Bush dissolves IT advisory group

The President's Information Technology Advisory Committee has been shut down.

President Bush has let a council of independent information technology experts lapse.

The President's IT Advisory Committee (PITAC) has been shut down and will not examine any other issues, a committee member said.

After releasing a June 16 report on U.S. competitiveness in computation science, PITAC had planned to take a broad look at IT research and development, as a follow-up to its 1999 report, according to PITAC members.

PITAC is a congressionally mandated committee comprised of industry and academic experts appointed by the president. At the moment, the committee is vacant. The president's executive order establishing the most recent PITAC expired June 1, and Bush did not reappoint current members or select new members.

The committee acts a check to the Federal Networking and IT Research and Development (NITRD) Program. PITAC has influenced policy-making through reports on topics such as cybersecurity and health IT.
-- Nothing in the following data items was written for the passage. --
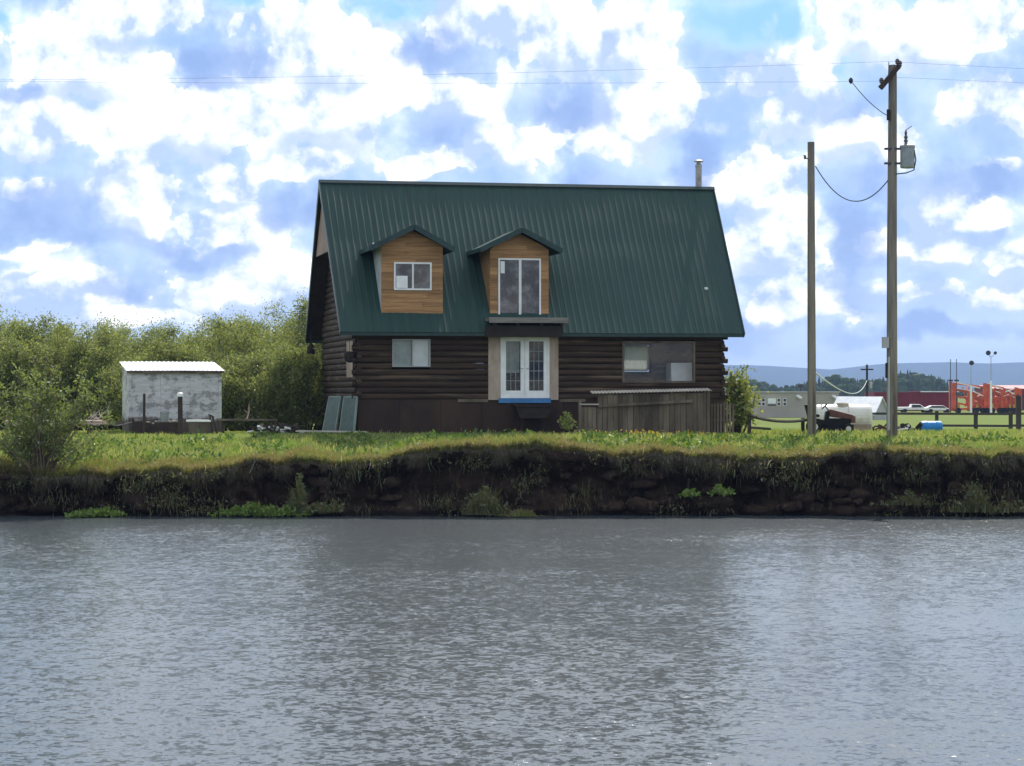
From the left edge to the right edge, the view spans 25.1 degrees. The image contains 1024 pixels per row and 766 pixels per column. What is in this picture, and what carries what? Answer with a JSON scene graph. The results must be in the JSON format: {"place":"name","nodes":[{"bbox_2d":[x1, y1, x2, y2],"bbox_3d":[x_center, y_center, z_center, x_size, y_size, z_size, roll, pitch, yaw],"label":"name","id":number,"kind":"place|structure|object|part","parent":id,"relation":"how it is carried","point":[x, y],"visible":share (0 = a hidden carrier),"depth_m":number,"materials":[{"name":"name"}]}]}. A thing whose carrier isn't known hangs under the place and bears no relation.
{"place":"outdoors","nodes":[
{"label":"outdoors","id":0,"kind":"place"},
{"bbox_2d":[0,515,1023,765],"bbox_3d":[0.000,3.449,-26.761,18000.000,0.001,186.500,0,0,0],"label":"river water","id":1,"kind":"structure","parent":0,"point":[544,641],"depth_m":32.41,"materials":[{"name":"liquid"}]},
{"bbox_2d":[0,446,1023,516],"bbox_3d":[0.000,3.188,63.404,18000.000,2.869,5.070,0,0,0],"label":"river bank","id":2,"kind":"structure","parent":0,"point":[424,481],"depth_m":65.01,"materials":[{"name":"soil"}]},
{"bbox_2d":[0,339,117,483],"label":"willow sapling","id":3,"kind":"object","parent":2,"relation":"on","point":[33,449],"visible":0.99,"depth_m":65.05,"materials":[{"name":"green plant"}]},
{"bbox_2d":[64,505,126,517],"bbox_3d":[-11.586,3.590,63.959,1.779,0.420,1.189,0,0,0],"label":"weed clump","id":4,"kind":"object","parent":2,"relation":"on","point":[105,511],"visible":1,"depth_m":63.69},
{"bbox_2d":[207,501,310,516],"bbox_3d":[-7.041,3.525,63.932,2.928,0.535,1.058,0,0,0],"label":"weed clump","id":5,"kind":"object","parent":2,"relation":"on","point":[254,509],"visible":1,"depth_m":63.80,"materials":[{"name":"plant"}]},
{"bbox_2d":[272,473,344,516],"bbox_3d":[-5.786,3.103,64.099,2.203,1.284,1.672,0,0,0],"label":"weed clump","id":6,"kind":"object","parent":2,"relation":"on","point":[298,500],"visible":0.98,"depth_m":64.15,"materials":[{"name":"plant"}]},
{"bbox_2d":[460,484,514,516],"bbox_3d":[-0.777,3.275,64.026,1.745,0.950,1.625,0,0,0],"label":"weed clump","id":7,"kind":"object","parent":2,"relation":"on","point":[485,502],"visible":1,"depth_m":64.01,"materials":[{"name":"plant"}]},
{"bbox_2d":[0,444,1021,516],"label":"bank growth","id":8,"kind":"object","parent":2,"relation":"on","point":[124,489],"visible":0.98,"depth_m":64.49,"materials":[{"name":"plant"}]},
{"bbox_2d":[0,453,1023,515],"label":"soil clods","id":9,"kind":"object","parent":2,"relation":"on","point":[803,503],"visible":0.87,"depth_m":64.64,"materials":[{"name":"soil"}]},
{"bbox_2d":[0,446,1023,494],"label":"hanging grass","id":10,"kind":"structure","parent":2,"relation":"on","point":[45,483],"depth_m":64.53,"materials":[{"name":"plant"}]},
{"bbox_2d":[495,508,543,516],"bbox_3d":[0.275,3.560,63.854,1.523,0.269,0.974,0,0,0],"label":"weed clump","id":11,"kind":"object","parent":2,"relation":"on","point":[520,512],"visible":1,"depth_m":63.71,"materials":[{"name":"green plant"}]},
{"bbox_2d":[678,488,700,498],"bbox_3d":[4.948,3.087,64.304,0.701,0.315,0.857,0,0,0],"label":"weed clump","id":12,"kind":"object","parent":2,"relation":"on","point":[686,492],"visible":1,"depth_m":64.16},
{"bbox_2d":[706,483,735,496],"bbox_3d":[5.855,2.999,64.299,0.843,0.400,0.904,0,0,0],"label":"weed clump","id":13,"kind":"object","parent":2,"relation":"on","point":[719,489],"visible":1,"depth_m":64.19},
{"bbox_2d":[870,488,940,507],"bbox_3d":[11.015,3.238,64.358,2.021,0.588,1.123,0,0,0],"label":"weed clump","id":14,"kind":"object","parent":2,"relation":"on","point":[913,500],"visible":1,"depth_m":64.28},
{"bbox_2d":[940,479,1023,514],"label":"weed clump","id":15,"kind":"object","parent":2,"relation":"on","point":[974,505],"visible":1,"depth_m":64.04,"materials":[{"name":"plant"}]},
{"bbox_2d":[0,396,1023,475],"bbox_3d":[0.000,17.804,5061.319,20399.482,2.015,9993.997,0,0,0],"label":"ground","id":16,"kind":"structure","parent":0,"point":[913,421],"depth_m":170.78,"materials":[{"name":"plant"}]},
{"bbox_2d":[0,316,35,348],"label":"willow bush","id":17,"kind":"object","parent":16,"relation":"on","point":[3,331],"visible":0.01,"depth_m":98.23,"materials":[{"name":"green plant"}]},
{"bbox_2d":[0,310,64,429],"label":"willow bush","id":18,"kind":"object","parent":16,"relation":"on","point":[1,328],"visible":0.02,"depth_m":103.16,"materials":[{"name":"green plant"}]},
{"bbox_2d":[0,296,80,430],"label":"willow bush","id":19,"kind":"object","parent":16,"relation":"on","point":[17,353],"visible":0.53,"depth_m":88.81,"materials":[{"name":"green plant"}]},
{"bbox_2d":[28,315,74,342],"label":"willow bush","id":20,"kind":"object","parent":16,"relation":"on","point":[55,325],"depth_m":110.65,"materials":[{"name":"green plant"}]},
{"bbox_2d":[4,420,108,433],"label":"lumber stack","id":21,"kind":"object","parent":16,"relation":"on","point":[96,422],"visible":0.38,"depth_m":75.63,"materials":[{"name":"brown wood"}]},
{"bbox_2d":[0,310,118,428],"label":"willow bush","id":22,"kind":"object","parent":16,"relation":"on","point":[27,330],"visible":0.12,"depth_m":90.48,"materials":[{"name":"green plant"}]},
{"bbox_2d":[46,315,110,430],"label":"willow bush","id":23,"kind":"object","parent":16,"relation":"on","point":[70,331],"depth_m":102.86,"materials":[{"name":"green plant"}]},
{"bbox_2d":[30,317,145,430],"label":"willow bush","id":24,"kind":"object","parent":16,"relation":"on","point":[94,361],"visible":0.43,"depth_m":89.09,"materials":[{"name":"green plant"}]},
{"bbox_2d":[72,312,141,430],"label":"willow bush","id":25,"kind":"object","parent":16,"relation":"on","point":[100,326],"visible":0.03,"depth_m":104.17,"materials":[{"name":"green plant"}]},
{"bbox_2d":[90,419,123,425],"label":"grey beam","id":26,"kind":"structure","parent":16,"relation":"on","point":[117,423],"depth_m":77.33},
{"bbox_2d":[81,402,142,425],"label":"brush pile","id":27,"kind":"object","parent":16,"relation":"on","point":[97,418],"visible":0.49,"depth_m":76.56,"materials":[{"name":"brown wood"}]},
{"bbox_2d":[143,394,145,433],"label":"post","id":28,"kind":"object","parent":16,"relation":"on","point":[144,413],"visible":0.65,"depth_m":75.16,"materials":[{"name":"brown wood"}]},
{"bbox_2d":[111,313,186,430],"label":"willow bush","id":29,"kind":"object","parent":16,"relation":"on","point":[125,331],"visible":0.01,"depth_m":110.56,"materials":[{"name":"green plant"}]},
{"bbox_2d":[115,317,187,367],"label":"willow bush","id":30,"kind":"object","parent":16,"relation":"on","point":[165,330],"visible":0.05,"depth_m":103.24,"materials":[{"name":"green plant"}]},
{"bbox_2d":[94,329,210,428],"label":"willow bush","id":31,"kind":"object","parent":16,"relation":"on","point":[158,352],"visible":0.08,"depth_m":85.85,"materials":[{"name":"green plant"}]},
{"bbox_2d":[131,417,177,433],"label":"timber crib","id":32,"kind":"object","parent":16,"relation":"on","point":[169,427],"visible":0.9,"depth_m":75.51,"materials":[{"name":"brown wood"}]},
{"bbox_2d":[160,411,168,421],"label":"bucket","id":33,"kind":"object","parent":32,"relation":"on","point":[164,417],"visible":1,"depth_m":75.49,"materials":[{"name":"grey paint"}]},
{"bbox_2d":[120,361,223,432],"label":"shed","id":34,"kind":"structure","parent":16,"relation":"on","point":[161,385],"depth_m":77.67,"materials":[{"name":"white paint"}]},
{"bbox_2d":[142,319,202,344],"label":"willow bush","id":35,"kind":"object","parent":16,"relation":"on","point":[168,335],"depth_m":110.96,"materials":[{"name":"green plant"}]},
{"bbox_2d":[177,392,183,433],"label":"post","id":36,"kind":"object","parent":16,"relation":"on","point":[180,395],"visible":0.89,"depth_m":74.93,"materials":[{"name":"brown wood"}]},
{"bbox_2d":[186,414,217,434],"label":"grey bin","id":37,"kind":"object","parent":16,"relation":"on","point":[205,426],"visible":0.79,"depth_m":75.44,"materials":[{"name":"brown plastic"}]},
{"bbox_2d":[167,310,251,428],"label":"willow bush","id":38,"kind":"object","parent":16,"relation":"on","point":[196,332],"visible":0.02,"depth_m":102.48,"materials":[{"name":"green plant"}]},
{"bbox_2d":[177,317,280,344],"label":"willow bush","id":39,"kind":"object","parent":16,"relation":"on","point":[229,318],"depth_m":109.43,"materials":[{"name":"green plant"}]},
{"bbox_2d":[187,313,275,430],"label":"willow bush","id":40,"kind":"object","parent":16,"relation":"on","point":[231,429],"visible":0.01,"depth_m":93.87,"materials":[{"name":"green plant"}]},
{"bbox_2d":[217,419,277,432],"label":"plank bench","id":41,"kind":"object","parent":16,"relation":"on","point":[224,420],"visible":0.76,"depth_m":76.25,"materials":[{"name":"brown wood"}]},
{"bbox_2d":[214,304,281,430],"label":"willow bush","id":42,"kind":"object","parent":16,"relation":"on","point":[246,320],"depth_m":103.58,"materials":[{"name":"green plant"}]},
{"bbox_2d":[182,287,320,428],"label":"willow bush","id":43,"kind":"object","parent":16,"relation":"on","point":[243,347],"visible":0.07,"depth_m":90.78,"materials":[{"name":"green plant"}]},
{"bbox_2d":[213,344,290,430],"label":"willow bush","id":44,"kind":"object","parent":16,"relation":"on","point":[241,388],"visible":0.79,"depth_m":84.45,"materials":[{"name":"green plant"}]},
{"bbox_2d":[249,312,285,338],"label":"willow bush","id":45,"kind":"object","parent":16,"relation":"on","point":[266,327],"depth_m":110.23,"materials":[{"name":"green plant"}]},
{"bbox_2d":[247,422,303,432],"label":"rubbish heap","id":46,"kind":"object","parent":16,"relation":"on","point":[284,428],"visible":0.87,"depth_m":76.24,"materials":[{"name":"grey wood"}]},
{"bbox_2d":[257,307,311,428],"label":"willow bush","id":47,"kind":"object","parent":16,"relation":"on","point":[285,318],"depth_m":104.84,"materials":[{"name":"green plant"}]},
{"bbox_2d":[248,315,322,430],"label":"willow bush","id":48,"kind":"object","parent":16,"relation":"on","point":[290,339],"visible":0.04,"depth_m":89.47,"materials":[{"name":"green plant"}]},
{"bbox_2d":[257,333,326,429],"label":"willow bush","id":49,"kind":"object","parent":16,"relation":"on","point":[292,376],"visible":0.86,"depth_m":83.80,"materials":[{"name":"green plant"}]},
{"bbox_2d":[322,396,341,432],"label":"leaning panel","id":50,"kind":"object","parent":16,"relation":"on","point":[331,417],"visible":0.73,"depth_m":76.51,"materials":[{"name":"green wood"}]},
{"bbox_2d":[339,396,357,432],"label":"leaning panel","id":51,"kind":"object","parent":16,"relation":"on","point":[348,414],"visible":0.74,"depth_m":75.41,"materials":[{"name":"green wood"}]},
{"bbox_2d":[0,431,1023,477],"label":"bank grass","id":52,"kind":"structure","parent":16,"relation":"on","point":[115,466],"depth_m":64.90,"materials":[{"name":"plant"}]},
{"bbox_2d":[0,427,1023,470],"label":"lawn grass","id":53,"kind":"structure","parent":16,"relation":"on","point":[240,441],"depth_m":70.33,"materials":[{"name":"plant"}]},
{"bbox_2d":[296,430,365,432],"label":"plank","id":54,"kind":"object","parent":53,"relation":"on","point":[321,431],"visible":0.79,"depth_m":75.08,"materials":[{"name":"grey wood"}]},
{"bbox_2d":[305,159,744,433],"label":"log house","id":55,"kind":"structure","parent":16,"relation":"on","point":[450,307],"depth_m":77.57,"materials":[{"name":"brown wood"}]},
{"bbox_2d":[307,343,314,353],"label":"eave lamp","id":56,"kind":"object","parent":55,"relation":"hanging from","point":[310,349],"visible":1,"depth_m":84.32,"materials":[{"name":"metal"}]},
{"bbox_2d":[344,341,355,362],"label":"hanging basket","id":57,"kind":"object","parent":55,"relation":"attached to","point":[349,355],"visible":1,"depth_m":75.43,"materials":[{"name":"metal"}]},
{"bbox_2d":[392,339,429,366],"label":"window","id":58,"kind":"structure","parent":55,"relation":"in","point":[405,352],"depth_m":75.87,"materials":[{"name":"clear glass"}]},
{"bbox_2d":[502,337,524,396],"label":"french door","id":59,"kind":"structure","parent":55,"relation":"in","point":[521,393],"depth_m":76.51,"materials":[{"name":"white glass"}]},
{"bbox_2d":[525,337,547,396],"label":"french door","id":60,"kind":"structure","parent":55,"relation":"in","point":[544,393],"depth_m":76.67,"materials":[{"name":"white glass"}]},
{"bbox_2d":[624,344,648,370],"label":"window","id":61,"kind":"structure","parent":55,"relation":"in","point":[636,357],"depth_m":86.71,"materials":[{"name":"white glass"}]},
{"bbox_2d":[621,341,694,382],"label":"window","id":62,"kind":"structure","parent":55,"relation":"in","point":[693,342],"depth_m":77.50,"materials":[{"name":"grey glass"}]},
{"bbox_2d":[666,363,691,380],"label":"cabinet","id":63,"kind":"object","parent":55,"relation":"in","point":[678,371],"visible":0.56,"depth_m":78.40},
{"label":"cabinet door","id":64,"kind":"part","parent":63,"relation":"part of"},
{"bbox_2d":[511,405,552,431],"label":"tub","id":65,"kind":"object","parent":16,"relation":"on","point":[531,411],"visible":0.95,"depth_m":75.83,"materials":[{"name":"plastic"}]},
{"bbox_2d":[557,411,577,430],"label":"weed clump","id":66,"kind":"object","parent":16,"relation":"on","point":[568,424],"visible":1,"depth_m":74.49,"materials":[{"name":"green plant"}]},
{"bbox_2d":[574,429,609,431],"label":"plank","id":67,"kind":"object","parent":16,"relation":"on","point":[593,430],"visible":0.79,"depth_m":74.14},
{"bbox_2d":[578,388,735,433],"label":"board fence","id":68,"kind":"object","parent":16,"relation":"on","point":[634,412],"visible":0.88,"depth_m":75.87,"materials":[{"name":"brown wood"}]},
{"bbox_2d":[335,429,1002,441],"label":"dandelions","id":69,"kind":"object","parent":16,"relation":"on","point":[640,432],"visible":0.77,"depth_m":72.88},
{"bbox_2d":[723,364,768,433],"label":"poplar bush","id":70,"kind":"object","parent":16,"relation":"on","point":[740,396],"visible":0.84,"depth_m":79.14,"materials":[{"name":"green plant"}]},
{"bbox_2d":[747,414,806,433],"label":"rail fence","id":71,"kind":"object","parent":16,"relation":"on","point":[750,427],"visible":0.93,"depth_m":79.89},
{"bbox_2d":[744,385,839,417],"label":"site cabin","id":72,"kind":"object","parent":16,"relation":"on","point":[782,404],"visible":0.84,"depth_m":262.18,"materials":[{"name":"beige"}]},
{"bbox_2d":[777,398,780,405],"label":"window","id":73,"kind":"structure","parent":72,"relation":"in","point":[778,399],"depth_m":262.12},
{"bbox_2d":[783,398,786,405],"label":"window","id":74,"kind":"structure","parent":72,"relation":"in","point":[784,399],"depth_m":262.12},
{"bbox_2d":[803,142,815,434],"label":"utility pole","id":75,"kind":"object","parent":16,"relation":"on","point":[811,345],"visible":0.88,"depth_m":77.90,"materials":[{"name":"grey wood"}]},
{"bbox_2d":[804,403,854,432],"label":"riding mower","id":76,"kind":"object","parent":16,"relation":"on","point":[843,420],"visible":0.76,"depth_m":82.73,"materials":[{"name":"red paint"}]},
{"bbox_2d":[816,403,871,431],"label":"water tank","id":77,"kind":"object","parent":16,"relation":"on","point":[862,413],"visible":0.5,"depth_m":87.57,"materials":[{"name":"white plastic"}]},
{"bbox_2d":[724,369,974,396],"bbox_3d":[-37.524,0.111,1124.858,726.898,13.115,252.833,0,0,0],"label":"wood","id":78,"kind":"object","parent":16,"relation":"on","point":[911,381],"visible":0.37,"depth_m":1022.99,"materials":[{"name":"plant"}]},
{"bbox_2d":[861,365,872,396],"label":"utility pole","id":79,"kind":"object","parent":16,"relation":"on","point":[870,383],"visible":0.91,"depth_m":329.87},
{"bbox_2d":[816,373,866,393],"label":"service cable","id":80,"kind":"object","parent":79,"relation":"attached to","point":[817,374],"visible":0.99,"depth_m":107.92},
{"bbox_2d":[872,424,885,430],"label":"scrap heap","id":81,"kind":"object","parent":16,"relation":"on","point":[880,427],"visible":0.28,"depth_m":90.05,"materials":[{"name":"metal"}]},
{"bbox_2d":[878,59,915,435],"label":"utility pole","id":82,"kind":"object","parent":16,"relation":"on","point":[907,161],"visible":0.99,"depth_m":75.87,"materials":[{"name":"grey wood"}]},
{"bbox_2d":[15,81,848,82],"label":"power line","id":83,"kind":"object","parent":82,"relation":"attached to","point":[176,82],"visible":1,"depth_m":77.24,"materials":[{"name":"grey metal"}]},
{"bbox_2d":[27,61,890,79],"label":"power line","id":84,"kind":"object","parent":82,"relation":"attached to","point":[429,74],"visible":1,"depth_m":77.53,"materials":[{"name":"grey metal"}]},
{"bbox_2d":[815,166,887,201],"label":"drooping cable","id":85,"kind":"object","parent":82,"relation":"attached to","point":[845,198],"visible":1,"depth_m":77.01,"materials":[{"name":"rubber"}]},
{"bbox_2d":[849,78,887,115],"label":"guy wire","id":86,"kind":"object","parent":82,"relation":"attached to","point":[850,80],"visible":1,"depth_m":73.69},
{"bbox_2d":[898,77,1016,82],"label":"power line","id":87,"kind":"object","parent":82,"relation":"attached to","point":[947,79],"visible":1,"depth_m":75.87,"materials":[{"name":"grey metal"}]},
{"bbox_2d":[904,62,1021,68],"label":"power line","id":88,"kind":"object","parent":82,"relation":"attached to","point":[962,65],"visible":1,"depth_m":75.92,"materials":[{"name":"grey metal"}]},
{"bbox_2d":[898,422,923,431],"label":"scrap heap","id":89,"kind":"object","parent":16,"relation":"on","point":[908,426],"visible":0.63,"depth_m":90.80,"materials":[{"name":"black plastic"}]},
{"bbox_2d":[898,404,925,411],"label":"pickup truck","id":90,"kind":"object","parent":16,"relation":"on","point":[913,407],"visible":0.88,"depth_m":346.22,"materials":[{"name":"white metal"}]},
{"bbox_2d":[921,421,942,431],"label":"barrel","id":91,"kind":"object","parent":16,"relation":"on","point":[935,425],"visible":0.55,"depth_m":91.77,"materials":[{"name":"blue plastic"}]},
{"bbox_2d":[923,405,949,411],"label":"parked car","id":92,"kind":"object","parent":16,"relation":"on","point":[930,408],"visible":0.83,"depth_m":344.21,"materials":[{"name":"white metal"}]},
{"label":"windows","id":93,"kind":"part","parent":92,"relation":"part of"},
{"bbox_2d":[872,411,1023,429],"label":"rail fence","id":94,"kind":"object","parent":16,"relation":"on","point":[1011,425],"visible":0.54,"depth_m":129.93,"materials":[{"name":"wood"}]},
{"bbox_2d":[948,359,952,412],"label":"antenna pole","id":95,"kind":"object","parent":16,"relation":"on","point":[950,380],"visible":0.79,"depth_m":317.94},
{"bbox_2d":[954,359,958,412],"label":"antenna pole","id":96,"kind":"object","parent":16,"relation":"on","point":[956,380],"visible":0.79,"depth_m":317.94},
{"bbox_2d":[949,382,984,412],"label":"folded harrow","id":97,"kind":"object","parent":16,"relation":"on","point":[981,409],"visible":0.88,"depth_m":324.69,"materials":[{"name":"red paint"}]},
{"bbox_2d":[969,360,973,412],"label":"light mast","id":98,"kind":"object","parent":16,"relation":"on","point":[971,362],"visible":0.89,"depth_m":309.88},
{"bbox_2d":[967,391,992,412],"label":"folded harrow","id":99,"kind":"object","parent":16,"relation":"on","point":[974,397],"visible":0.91,"depth_m":324.62,"materials":[{"name":"red paint"}]},
{"bbox_2d":[986,351,996,412],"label":"light mast","id":100,"kind":"object","parent":16,"relation":"on","point":[989,352],"visible":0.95,"depth_m":309.88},
{"bbox_2d":[983,383,1007,412],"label":"folded harrow","id":101,"kind":"object","parent":16,"relation":"on","point":[986,390],"visible":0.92,"depth_m":324.69,"materials":[{"name":"red paint"}]},
{"bbox_2d":[994,387,1021,412],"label":"folded harrow","id":102,"kind":"object","parent":16,"relation":"on","point":[1016,391],"visible":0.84,"depth_m":324.60,"materials":[{"name":"red paint"}]},
{"bbox_2d":[1000,389,1021,412],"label":"folded harrow","id":103,"kind":"object","parent":16,"relation":"on","point":[1005,401],"visible":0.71,"depth_m":324.60,"materials":[{"name":"red paint"}]},
{"bbox_2d":[1016,394,1020,429],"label":"gate post","id":104,"kind":"object","parent":16,"relation":"on","point":[1018,411],"visible":0.86,"depth_m":117.90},
{"bbox_2d":[0,0,1023,368],"label":"sky","id":105,"kind":"structure","parent":0,"point":[121,196],"materials":[{"name":"blue"}]},
{"bbox_2d":[624,362,1023,389],"bbox_3d":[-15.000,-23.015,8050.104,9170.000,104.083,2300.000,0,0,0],"label":"distant hills","id":106,"kind":"structure","parent":0,"point":[981,374],"depth_m":7722.95,"materials":[{"name":"blue"}]},
{"bbox_2d":[834,396,885,419],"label":"gabled shed","id":107,"kind":"structure","parent":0,"point":[877,404],"depth_m":234.13,"materials":[{"name":"metal"}]},
{"bbox_2d":[725,428,1023,434],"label":"field grass","id":108,"kind":"structure","parent":0,"point":[777,431],"depth_m":81.89,"materials":[{"name":"plant"}]},
{"bbox_2d":[865,391,958,410],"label":"red warehouse","id":109,"kind":"structure","parent":0,"point":[927,398],"depth_m":372.07,"materials":[{"name":"metal"}]},
{"bbox_2d":[973,385,1023,409],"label":"red barn","id":110,"kind":"structure","parent":0,"point":[980,390],"depth_m":386.29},
{"bbox_2d":[1022,395,1023,409],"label":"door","id":111,"kind":"structure","parent":110,"relation":"in","point":[1022,395],"depth_m":385.03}
]}

PITAC's recommendations played a role in spurring the Bush administration to name a national health IT coordinator, said Peter Harsha, director of government affairs at the Computing Research Association. A 1999 PITAC report helped convince lawmakers to increase funding for IT research at the National Science Foundation, he said.

The first PITAC formed in February 1997 under an executive order signed by President Clinton.

Members of the latest committee included Marc R. Benioff, chairman of Salesforce.com; Pedro Celis, a software architect in Microsoft’s SQL Server group; F. Thomson Leighton, Akamai Technologies co-founder; and Randall Mott, chief information officer of Dell.

Last week's report recommended a fast-track study on ways that federal investments can bridge computational science research across academia, industry and government agencies. Other advice touched on topics such as repositories for computer science data and software, centers for software sustainability, high-end computing leadership centers, and programs to connect those centers. It also prescribed a multidecade road map for computational science.

The findings came out of the PITAC Computational Science Subcommittee, led by Dan Reed, vice chancellor and CIO at the University of North Carolina at Chapel Hill, director of the Institute for Renaissance Computing and the next chairman of the Computing Research Association.

"People are a little demoralized about the fact that PITAC hasn’t been renewed," Reed said.

It would be unfortunate if PITAC does not get the chance to review the nation's IT research, Reed said. "Six years in the information technology business is a lifetime, and it seems opportune," he said today. "My personal hope is that PITAC will be reconstituted quickly."